Apart from the obvious craziness of “training” an AI on the outputs of some other AI, the whole notion of training from external inputs has a problem too: a whole lot of the body of material used is fiction, either intentionally (novels etc.) or unintentionally (wrong notions written by someone). But the inputs aren’t tagged, so how can an LLM distinguish between, say, the writings of Albert Einstein and Larry Niven?
I came across a very good and normie-friendly post about this exact thing last week. https://wattsupwiththat.com/2024/08/27/ai-model-collapse/
The image it has illustrates the problem clearly.
I think if the AI programmers were honest about the data input, used only verifiably human inputs, and were not trying to stamp their own world-view on it by deliberately omitting “inconvenient facts” while also force-feeding it material of dubious quality (but of the “right” political perspective, then it could be hugely beneficial to humans. However, the deep pockets funding it all are far more idiologically driven than they are good (in the good v evil sense.)
Didn’t French royalty prove a couple hundred years ago that incest, at any degree, constitutes the opposite of “improving the breed”?

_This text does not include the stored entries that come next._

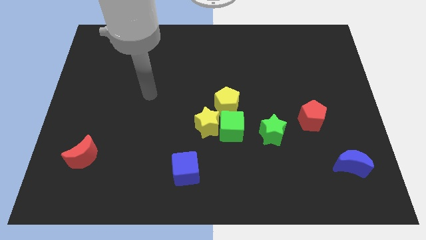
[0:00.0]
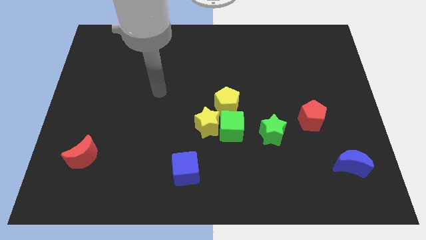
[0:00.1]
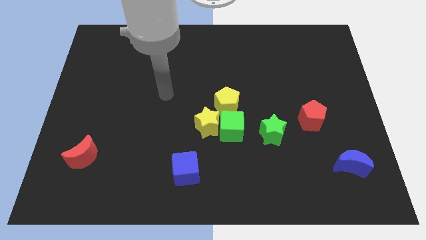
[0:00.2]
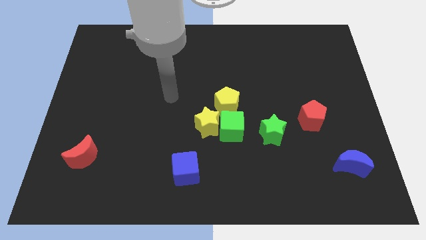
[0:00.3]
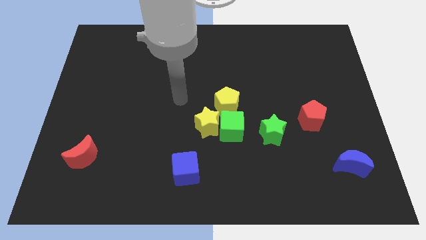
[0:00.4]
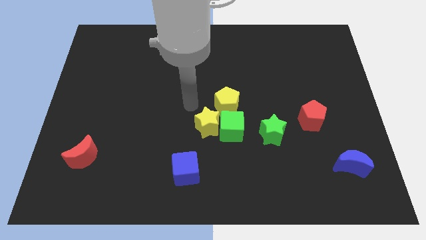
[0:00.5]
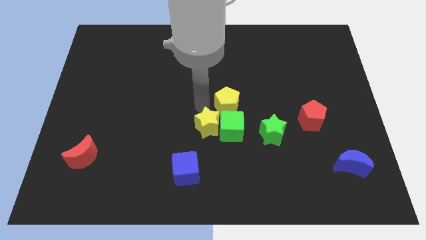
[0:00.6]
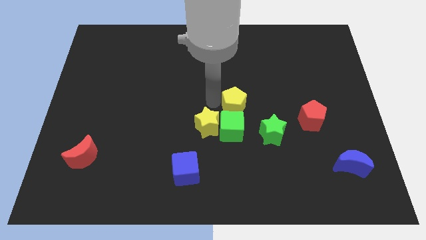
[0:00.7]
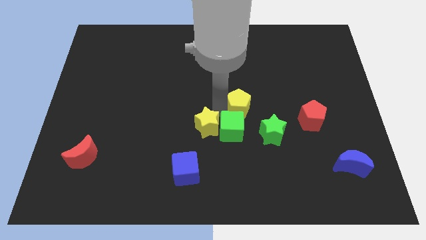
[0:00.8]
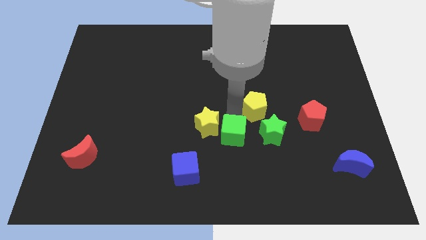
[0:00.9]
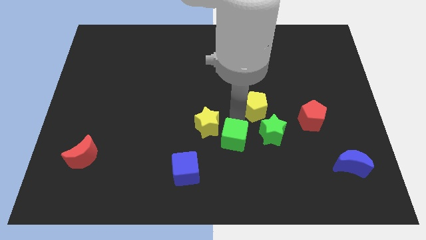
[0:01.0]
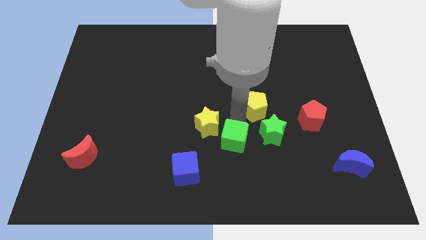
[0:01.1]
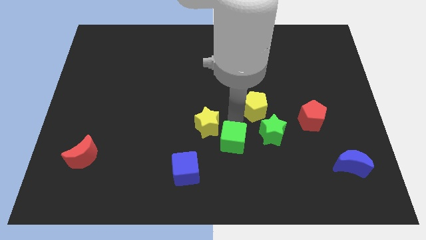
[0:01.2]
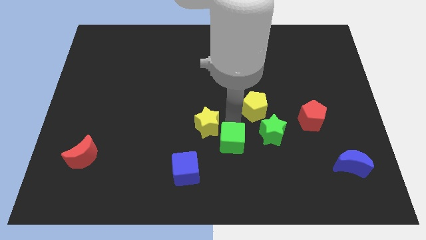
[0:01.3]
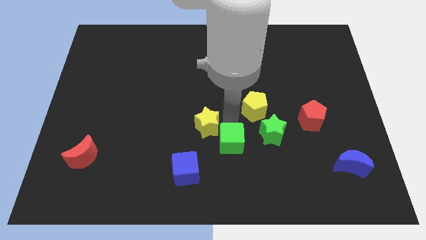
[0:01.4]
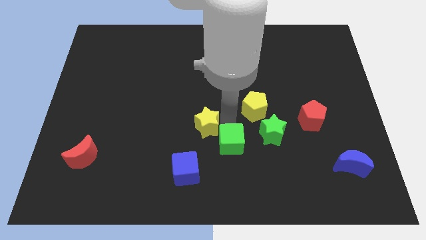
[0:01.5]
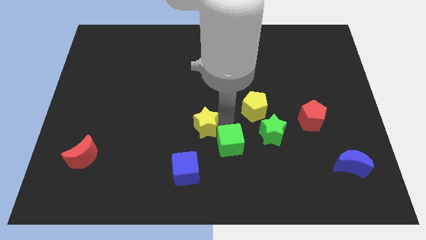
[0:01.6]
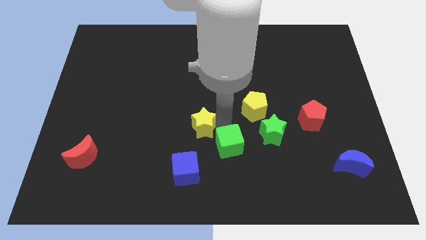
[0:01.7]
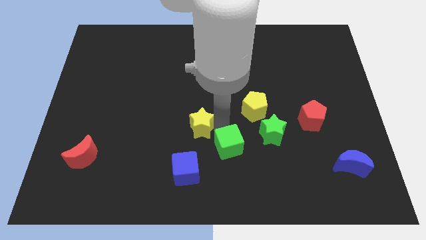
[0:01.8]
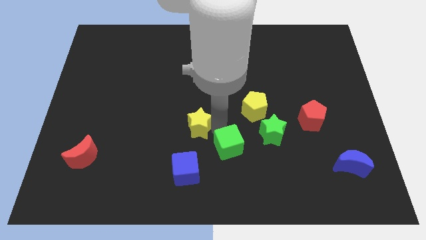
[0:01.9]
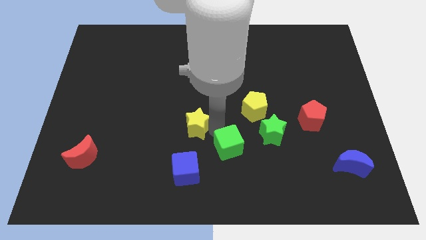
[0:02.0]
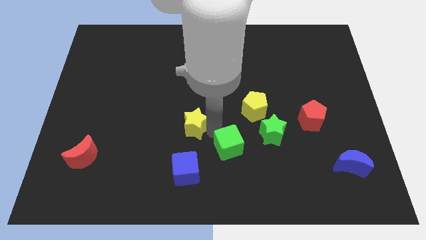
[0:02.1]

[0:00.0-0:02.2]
separate the yellow star from the green cube and yellow pentagon

European royalty in general. It was worse than the stereotypes about hillbillies. When the Russians found the bodies suspected to be those of their executed royal family, they turned to DNA. After some genealogical research, the determined that Prince Philip (of England) was the closest living relative of both Nicholas and Alexandra. George V, Nicholas II and Wilhelm II were first cousins, grandchildren of Queen Victoria. The Romanovs often acted like they were French but actually they were Germans. Depending on who actually was the father of Catherine the Great’s son, they may have been all German.
I was thinking of haemophilia propagated by frequent intermarriage and the occasional incest, but OK.